## Items listed in a dataset
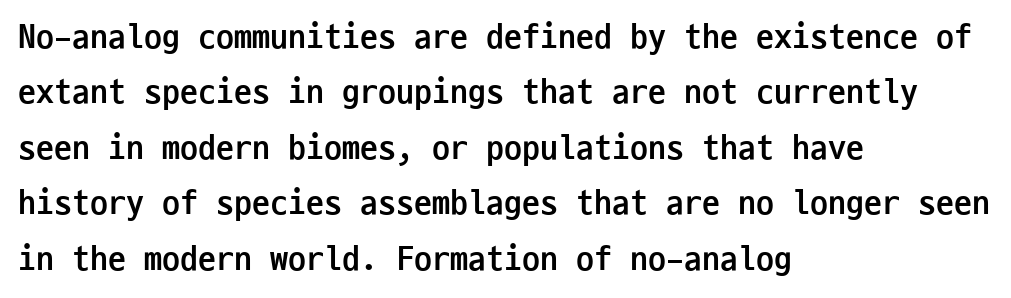
The ragged edge is on the right, which tells us the setting is flush left. The rendering keeps characters at their native spacing. How heavy is the stroke? Heavy — this is a bold. Think of a typewriter: that constant character pitch is what you see here. Nothing sits at the stroke ends, so this counts as sans-serif. A normal amount of white space separates one row of letters from the next.
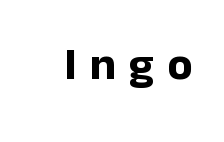
Q: Is the text bold? A: Yes.
Q: Is the text italic (slanted)? A: No, it is upright.
Q: Is the typeface a serif or a sans-serif typeface? A: Sans-serif.
Q: Is the text underlined? A: No.
Q: Is the spacing between letters normal or unusually wide? A: Unusually wide.
Q: Width (condensed, normal, or wide)? A: Normal.
Q: Stroke contrast? A: Low.
Q: x-height? A: Medium.
Q: Monospaced? A: No.
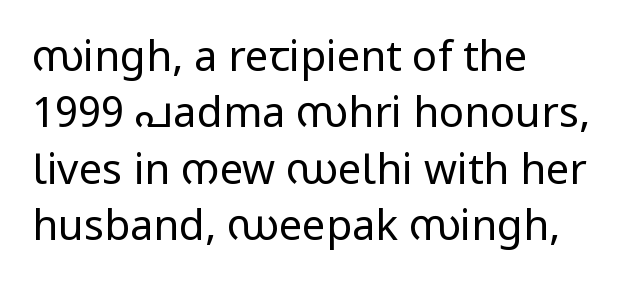
Examine the stroke ends and you'll find no serifs. A typesetter would call this proportional, since set widths differ per character. Lines of text with bare space underneath. In terms of letterspacing, this is plain default setting. One glance says typical: line gaps are just what's usual.
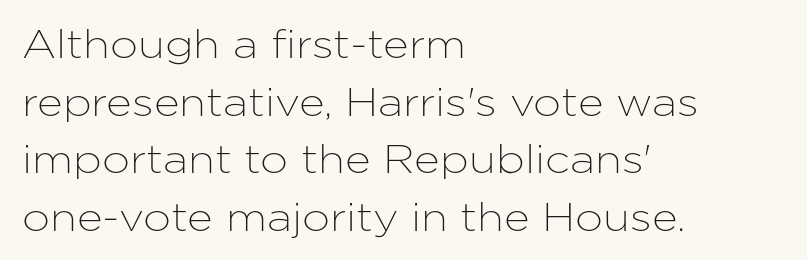
You can tell it's not italic because the verticals are truly vertical. The strip under each line holds only bare page. Layout note: lines flush left. Students, note that the glyphs here touch the page at normal intervals. Is this a fixed-width face? No — the glyphs have proportional, varying widths. Grotesque or geometric, the face here clearly has no serifs.
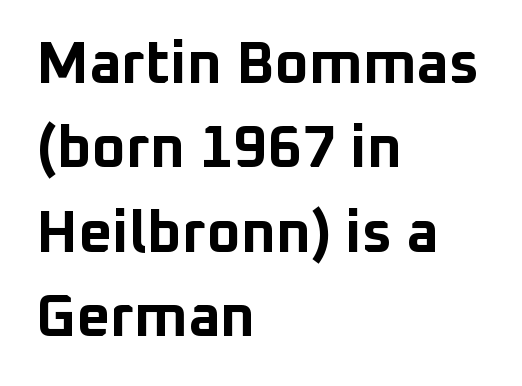
{"serif": "no", "italic": "no", "bold": "yes", "weight": "bold", "width": "normal", "stroke_contrast": "low", "x_height": "medium", "monospaced": "no", "underline": "no", "align": "left", "line_spacing": "normal", "line_spacing_ratio": 1.43, "letter_spacing": "normal", "letter_spacing_em": 0.0, "glyph_px": 59}
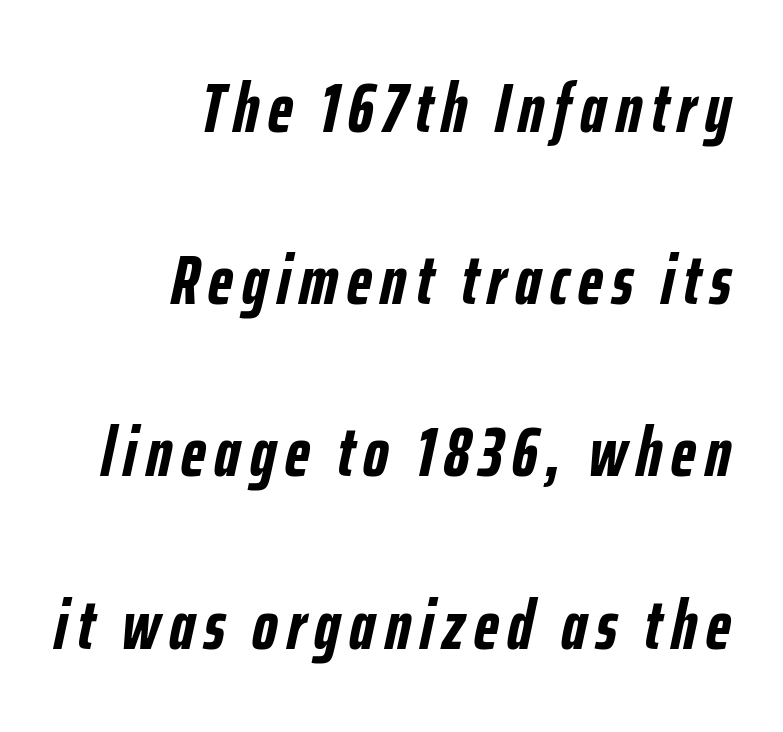
{"italic": "yes", "lean": "right", "slant_degrees": 12, "bold": "yes", "weight": "semibold", "width": "condensed", "stroke_contrast": "low", "x_height": "medium", "monospaced": "no", "underline": "no", "align": "right", "line_spacing": "loose", "line_spacing_ratio": 2.46, "glyph_px": 70}
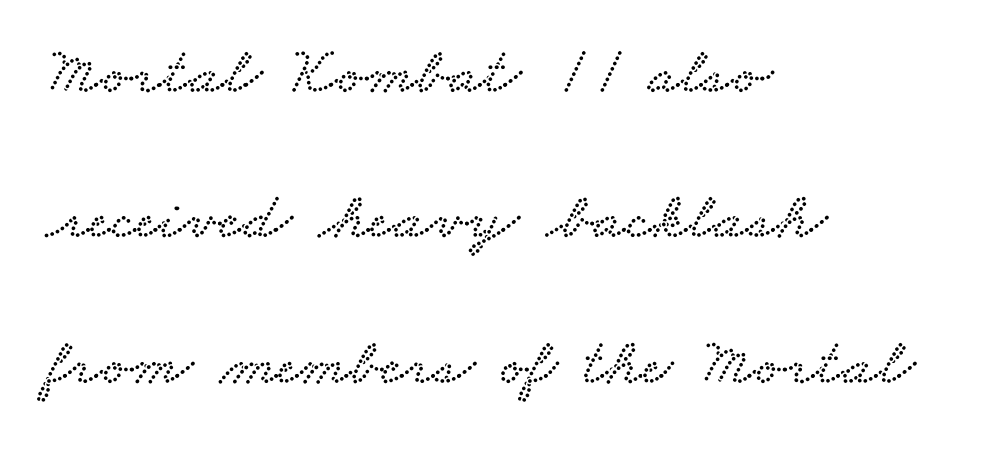
{"serif": "yes", "width": "wide", "stroke_contrast": "low", "x_height": "small", "monospaced": "no", "underline": "no", "align": "left", "line_spacing": "loose", "line_spacing_ratio": 2.17, "letter_spacing": "normal", "letter_spacing_em": 0.0, "glyph_px": 67}
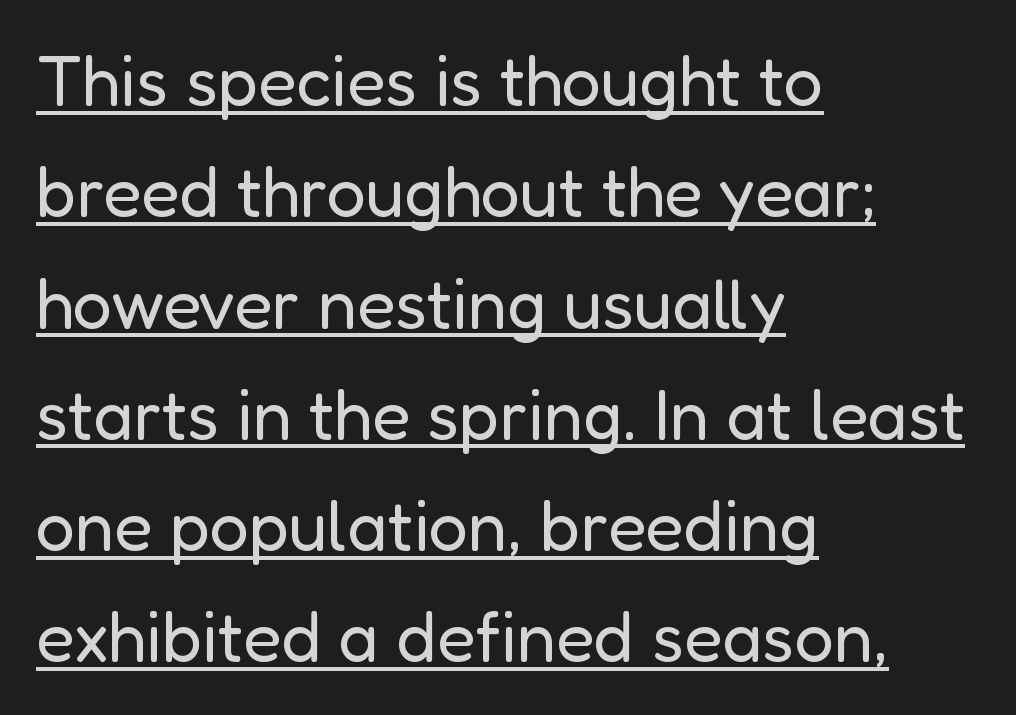
{"serif": "no", "italic": "no", "bold": "no", "weight": "regular", "width": "normal", "stroke_contrast": "low", "x_height": "medium", "monospaced": "no", "underline": "yes", "align": "left", "line_spacing": "normal", "line_spacing_ratio": 1.59, "letter_spacing": "normal", "letter_spacing_em": 0.0, "glyph_px": 70}
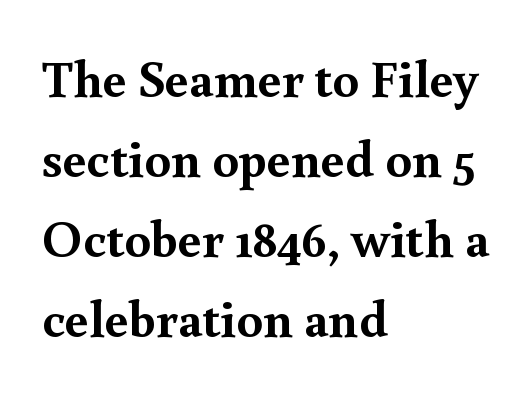
Q: Is the text bold? A: Yes.
Q: Is the text italic (slanted)? A: No, it is upright.
Q: Is the typeface a serif or a sans-serif typeface? A: Serif.
Q: Is the text underlined? A: No.
Q: How is the paragraph aligned? A: Left-aligned.
Q: Is the spacing between letters normal or unusually wide? A: Normal.
Q: Is the spacing between lines tight, normal or loose? A: Normal.
Q: Width (condensed, normal, or wide)? A: Normal.
Q: x-height? A: Small.
Q: Monospaced? A: No.
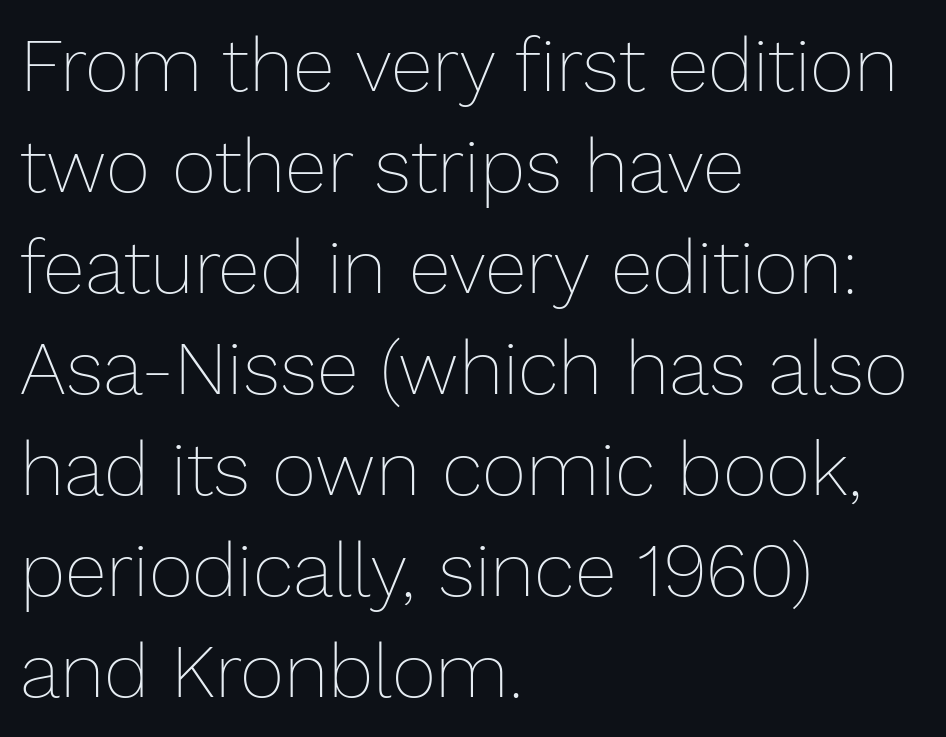
{"italic": "no", "bold": "no", "weight": "thin", "width": "normal", "stroke_contrast": "low", "x_height": "medium", "monospaced": "no", "underline": "no", "align": "left", "line_spacing": "normal", "line_spacing_ratio": 1.33, "letter_spacing": "normal", "letter_spacing_em": 0.0, "glyph_px": 76}
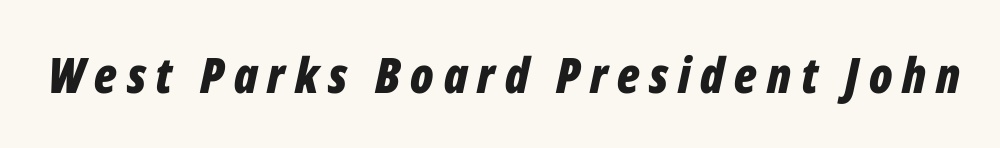
Q: Is the text bold? A: Yes.
Q: Is the text italic (slanted)? A: Yes, it leans right by about 12 degrees.
Q: Is the text underlined? A: No.
Q: Is the spacing between letters normal or unusually wide? A: Unusually wide.
Q: Width (condensed, normal, or wide)? A: Condensed.
Q: Stroke contrast? A: Low.
Q: x-height? A: Medium.
Q: Monospaced? A: No.
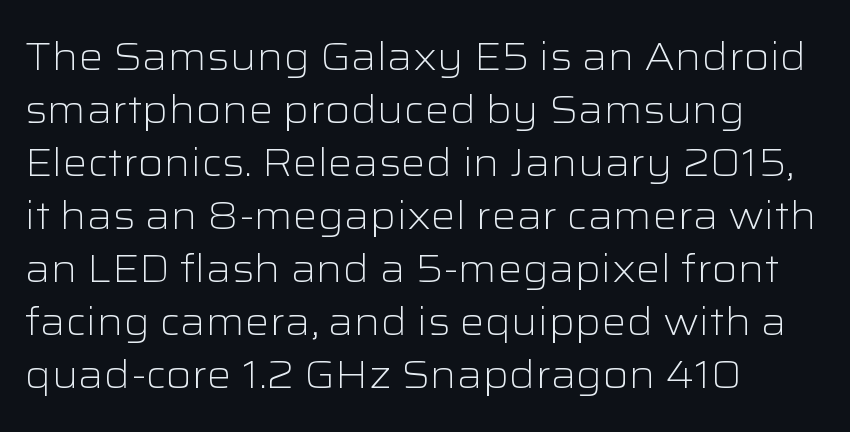
Q: Is the text bold? A: No.
Q: Is the text italic (slanted)? A: No, it is upright.
Q: Is the typeface a serif or a sans-serif typeface? A: Sans-serif.
Q: Is the text underlined? A: No.
Q: How is the paragraph aligned? A: Left-aligned.
Q: Is the spacing between letters normal or unusually wide? A: Normal.
Q: Is the spacing between lines tight, normal or loose? A: Normal.
Q: Width (condensed, normal, or wide)? A: Wide.
Q: Stroke contrast? A: Low.
Q: x-height? A: Medium.
Q: Monospaced? A: No.
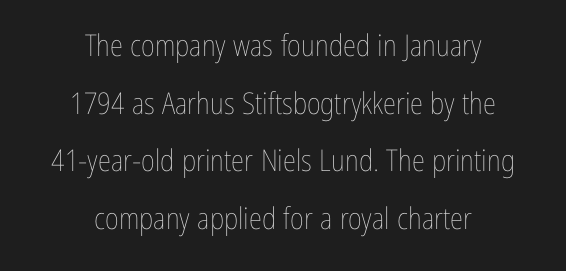
The image shows 30 px thin, condensed type, upright; set centered, loose line spacing (1.92x), normal letter spacing, not underlined; low stroke contrast and a medium x-height.
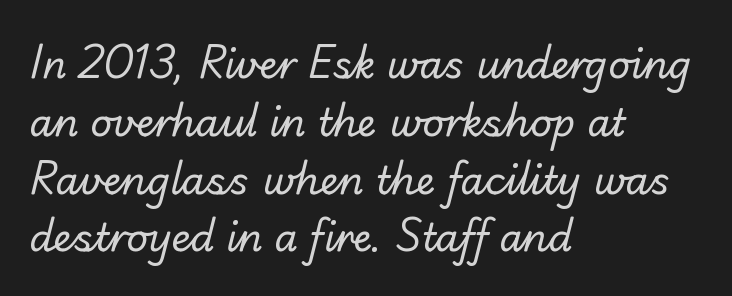
Q: Is the text bold? A: No.
Q: Is the typeface a serif or a sans-serif typeface? A: Sans-serif.
Q: Is the text underlined? A: No.
Q: How is the paragraph aligned? A: Left-aligned.
Q: Is the spacing between letters normal or unusually wide? A: Normal.
Q: Is the spacing between lines tight, normal or loose? A: Normal.
Q: Width (condensed, normal, or wide)? A: Normal.
Q: Stroke contrast? A: Low.
Q: x-height? A: Small.
Q: Monospaced? A: No.
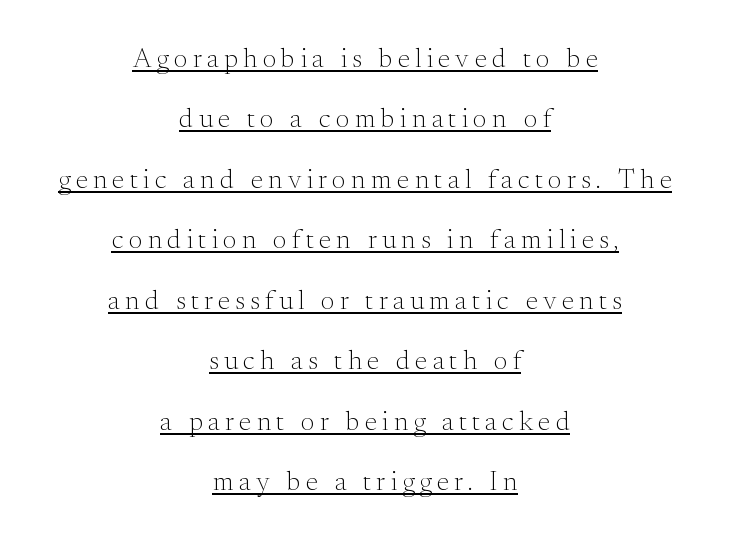
The image shows 27 px text type, upright; set centered, loose line spacing (2.24x), unusually wide letter spacing (+0.2 em), underlined.

## TASK DIRECTIONS
Wherever a line contains the string "widths", copy that line from the data.

## SOLUTION TO THIS TASK
Examine the stroke ends and you'll find no serifs. A typesetter would call this proportional, since set widths differ per character. Lines of text with bare space underneath. In terms of letterspacing, this is plain default setting. One glance says typical: line gaps are just what's usual.
You can tell it's not italic because the verticals are truly vertical. The strip under each line holds only bare page. Layout note: lines flush left. Students, note that the glyphs here touch the page at normal intervals. Is this a fixed-width face? No — the glyphs have proportional, varying widths. Grotesque or geometric, the face here clearly has no serifs.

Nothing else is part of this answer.